Nicholas Soames asked about equipment supplies in Iraq and got an "absolute assurance" from the minister. Mr Soames kept his pants on for the greater good but only those of us aching to believe Mr Hoon managed to. Mr Soames observed troops were doing guard duty without bullets. They hadn't passed their weapons handling test so were only allowed weapons that didn't fire. Also, troopers were going out on patrol without ambush training. Mr Hoon said he regretted this. The "political sideswipe", he regretted, that is.

To the Lords, to see the aftermath of last week's all-night sitting. The only thing that shook their heroic resistance, I thought, was when the argument became constitutional. The Commons was the superior House and must have its way, the Lord Chancellor said. I'm new to this, but I thought the Salisbury Convention would have applied: the Government must have its Bill (if it's a manifesto commitment) but the Lords have the right to amend it - as long as they don't amend it out of existence. The more we see of the Government guillotine working in the Commons the more important the Lords becomes. Maybe the convention will be invoked in the second reading of the Really, Really Serious Organised Crime That Threatens The Safety Of Us All Bill.

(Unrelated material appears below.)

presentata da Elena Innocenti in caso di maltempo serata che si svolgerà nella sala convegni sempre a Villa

It is, as Lady Anelay said, a whopper. It covers £20bn worth of offences from international crack haulage to throwing up in public. It provides for a new super agency that gives police, revenue and immigration powers to civilians. And (it's worth following this) it is to be controlled directly by the Home Secretary.

The Government put it through the Commons with 40 per cent of its clauses undebated. Let's have a new rule: When MPs prate about the supremacy of the Commons - let them make sure they've had a chance to read the Bill out loud.

Last week, a peeress observed the terror Bill didn't define "terrorism". It was impossible to do, she said, without capturing anti-terrorism. In this Bill they have a provision to criminalise religious hatred. They haven't defined religion or hatred.

However, it is less chaotic an idea than it first appears. You can hate sin but love the sinner, after all. You can hate politics and yet love politicans, can't you? Well, try harder!